C:\Users\ruhan\anaconda3\envs\tf_env\python.exe


In [18]:
import requests
from bs4 import BeautifulSoup
from transformers import BartForConditionalGeneration, BartTokenizer, MarianMTModel, MarianTokenizer
import torch

In [1]:
def scrape_news_articles(url):
    """
    Scrapes the title, date, and main content from a Hindi news article.
    Adjust the tags/classes as per the site structure.
    """
    response = requests.get(url)
    soup = BeautifulSoup(response.content, 'html.parser')

    # Adjust selectors for the specific site structure
    title = soup.find('h1')
    date = soup.find('span')
    content_div = soup.find('div')

    title = title.text.strip() if title else "Title not found"
    date = date.text.strip() if date else "Date not found"
    content = content_div.get_text(separator=' ', strip=True) if content_div else "Content not found"
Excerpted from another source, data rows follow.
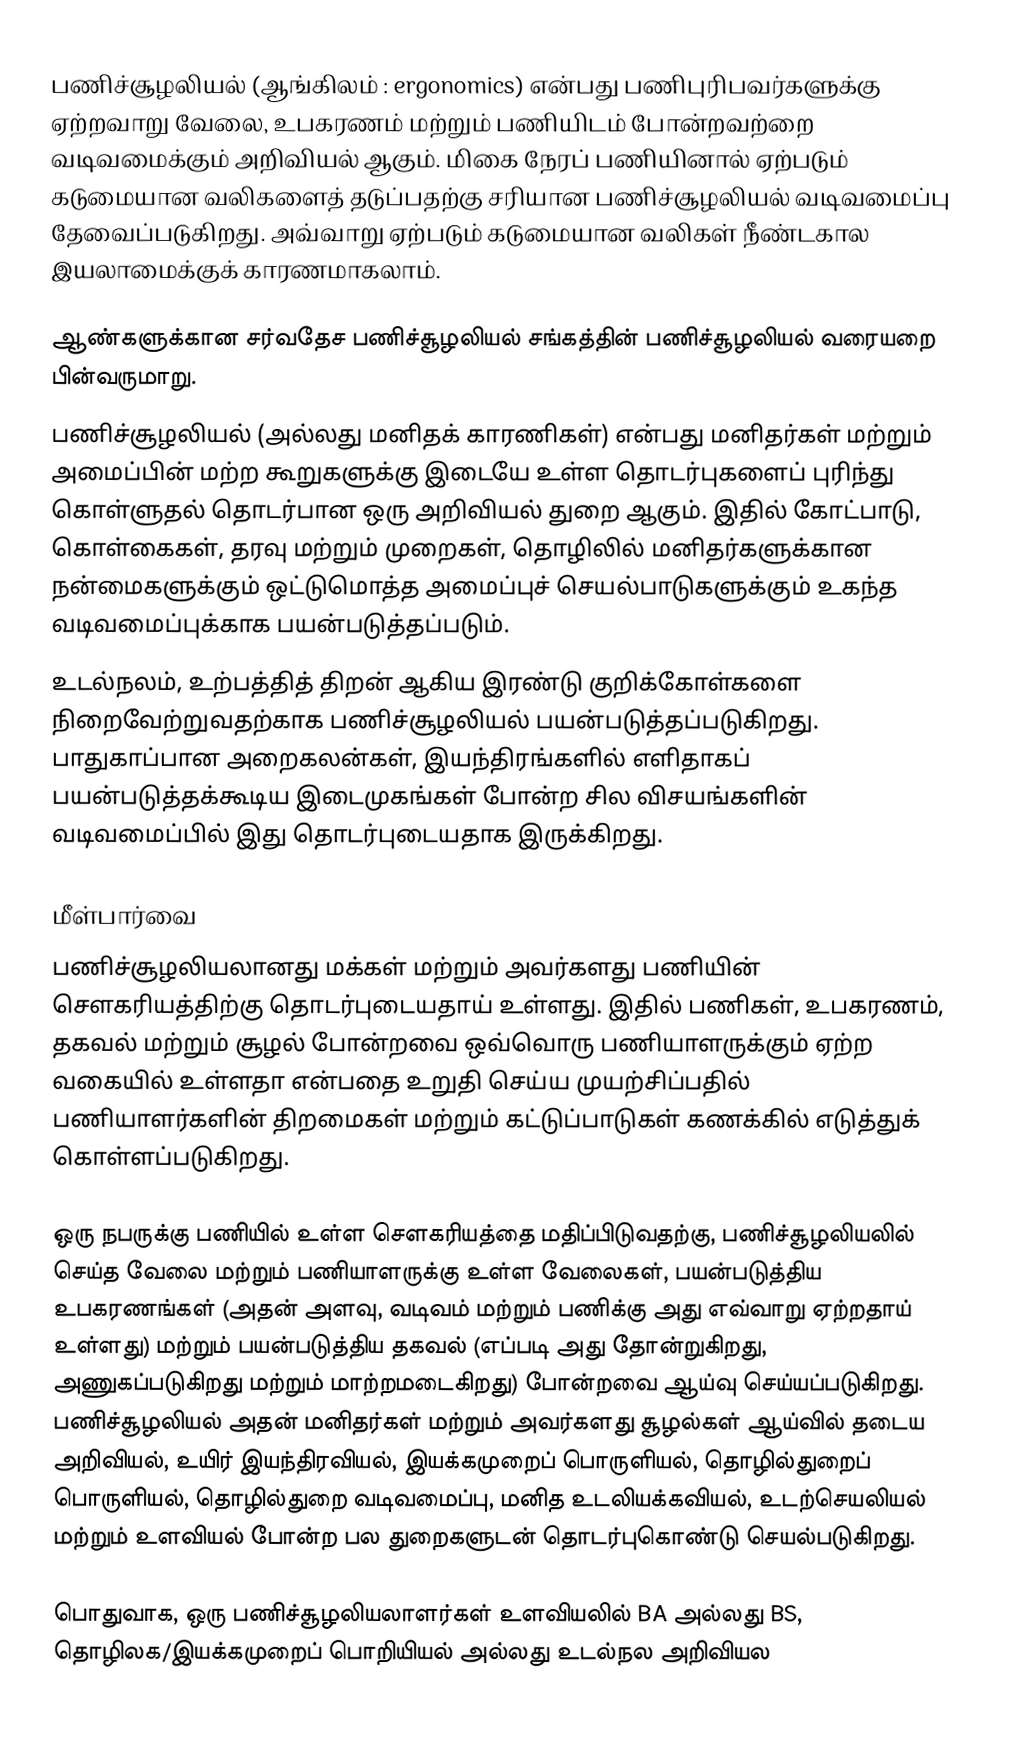
பணிச்சூழலியல் (ஆங்கிலம் : ergonomics) என்பது பணிபுரிபவர்களுக்கு ஏற்றவாறு வேலை, உபகரணம் மற்றும் பணியிடம் போன்றவற்றை வடிவமைக்கும் அறிவியல் ஆகும். மிகை நேரப் பணியினால் ஏற்படும் கடுமையான வலிகளைத் தடுப்பதற்கு சரியான பணிச்சூழலியல் வடிவமைப்பு தேவைப்படுகிறது. அவ்வாறு ஏற்படும் கடுமையான வலிகள் நீண்டகால இயலாமைக்குக் காரணமாகலாம்.

ஆண்களுக்கான சர்வதேச பணிச்சூழலியல் சங்கத்தின் பணிச்சூழலியல் வரையறை பின்வருமாறு.
பணிச்சூழலியல் (அல்லது மனிதக் காரணிகள்) என்பது மனிதர்கள் மற்றும் அமைப்பின் மற்ற கூறுகளுக்கு இடையே உள்ள தொடர்புகளைப் புரிந்து கொள்ளுதல் தொடர்பான ஒரு அறிவியல் துறை ஆகும். இதில் கோட்பாடு, கொள்கைகள், தரவு மற்றும் முறைகள், தொழிலில் மனிதர்களுக்கான நன்மைகளுக்கும் ஒட்டுமொத்த அமைப்புச் செயல்பாடுகளுக்கும் உகந்த வடிவமைப்புக்காக பயன்படுத்தப்படும்.
உடல்நலம், உற்பத்தித் திறன் ஆகிய இரண்டு குறிக்கோள்களை நிறைவேற்றுவதற்காக பணிச்சூழலியல் பயன்படுத்தப்படுகிறது. பாதுகாப்பான அறைகலன்கள், இயந்திரங்களில் எளிதாகப் பயன்படுத்தக்கூடிய இடைமுகங்கள் போன்ற சில விசயங்களின் வடிவமைப்பில் இது தொடர்புடையதாக இருக்கிறது.

மீள்பார்வை
பணிச்சூழலியலானது மக்கள் மற்றும் அவர்களது பணியின் செளகரியத்திற்கு தொடர்புடையதாய் உள்ளது. இதில் பணிகள், உபகரணம், தகவல் மற்றும் சூழல் போன்றவை ஒவ்வொரு பணியாளருக்கும் ஏற்ற வகையில் உள்ளதா என்பதை உறுதி செய்ய முயற்சிப்பதில் பணியாளர்களின் திறமைகள் மற்றும் கட்டுப்பாடுகள் கணக்கில் எடுத்துக் கொள்ளப்படுகிறது.

ஒரு நபருக்கு பணியில் உள்ள செளகரியத்தை மதிப்பிடுவதற்கு, பணிச்சூழலியலில் செய்த வேலை மற்றும் பணியாளருக்கு உள்ள வேலைகள், பயன்படுத்திய உபகரணங்கள் (அதன் அளவு, வடிவம் மற்றும் பணிக்கு அது எவ்வாறு ஏற்றதாய் உள்ளது) மற்றும் பயன்படுத்திய தகவல் (எப்படி அது தோன்றுகிறது, அணுகப்படுகிறது மற்றும் மாற்றமடைகிறது) போன்றவை ஆய்வு செய்யப்படுகிறது. பணிச்சூழலியல் அதன் மனிதர்கள் மற்றும் அவர்களது சூழல்கள் ஆய்வில் தடைய அறிவியல், உயிர் இயந்திரவியல், இயக்கமுறைப் பொருளியல், தொழில்துறைப் பொருளியல், தொழில்துறை வடிவமைப்பு, மனித உடலியக்கவியல், உடற்செயலியல் மற்றும் உளவியல் போன்ற பல துறைகளுடன் தொடர்புகொண்டு செயல்படுகிறது.

பொதுவாக, ஒரு பணிச்சூழலியலாளர்கள் உளவியலில் BA அல்லது BS, தொழிலக/இயக்கமுறைப் பொறியியல் அல்லது உடல்நல அறிவியல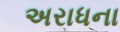
અરાધના

    return {'title': title, 'date': date, 'content': content}


In [2]:
import streamlit as st

@st.cache_resource
def load_translation_model():
    tokenizer = MarianTokenizer.from_pretrained("Helsinki-NLP/opus-mt-hi-en")
    model = MarianMTModel.from_pretrained("Helsinki-NLP/opus-mt-hi-en")
    return tokenizer, model

def translate_text(text, tokenizer, model):
    inputs = tokenizer(text, return_tensors="pt", truncation=True, max_length=512)
    translated = model.generate(**inputs)
    return tokenizer.decode(translated[0], skip_special_tokens=True)


In [3]:
@st.cache_resource
def load_summarization_model():
    tokenizer = BartTokenizer.from_pretrained('facebook/bart-large-cnn')
    model = BartForConditionalGeneration.from_pretrained('facebook/bart-large-cnn')
    return tokenizer, model

def summarize_text(text, tokenizer, model):
    inputs = tokenizer.encode("summarize: " + text, return_tensors="pt", max_length=1024, truncation=True)
    summary_ids = model.generate(inputs, max_length=150, min_length=50, length_penalty=2.0, num_beams=4, early_stopping=True)
    summary = tokenizer.decode(summary_ids[0], skip_special_tokens=True)
    return summary


In [4]:
import pandas as pd
from datasets import Dataset

# Load and clean dataset
df = pd.read_csv('scrapped_clean.csv')  # ✅ use read_csv for CSV files
df.columns = ["hindi", "english"]
df.dropna(inplace=True)

# Convert to HuggingFace Dataset
dataset = Dataset.from_pandas(df)


  from .autonotebook import tqdm as notebook_tqdm


In [5]:
print(dataset[0])

{'hindi': 'पहलगाम अटैक पर विवादित पोस्ट, 7 राज्यों में 26 गिरफ्तार:इनमें विधायक, पत्रकार, वकील और स्टूडेंट शामिल; देश विरोधी टिप्पणी की थी', 'english': 'Disputed posts on Pahalgam attack, 26 arrested in 7 states: these include MLAs, journalists, lawyers and students; Was made anti -national comments'}


In [6]:
# Format dataset to match Hugging Face translation format
def format_translation(example):
    return {
        "translation": {
            "hi": example["hindi"],
            "en": example["english"]
        }
    }

formatted_dataset = dataset.map(format_translation)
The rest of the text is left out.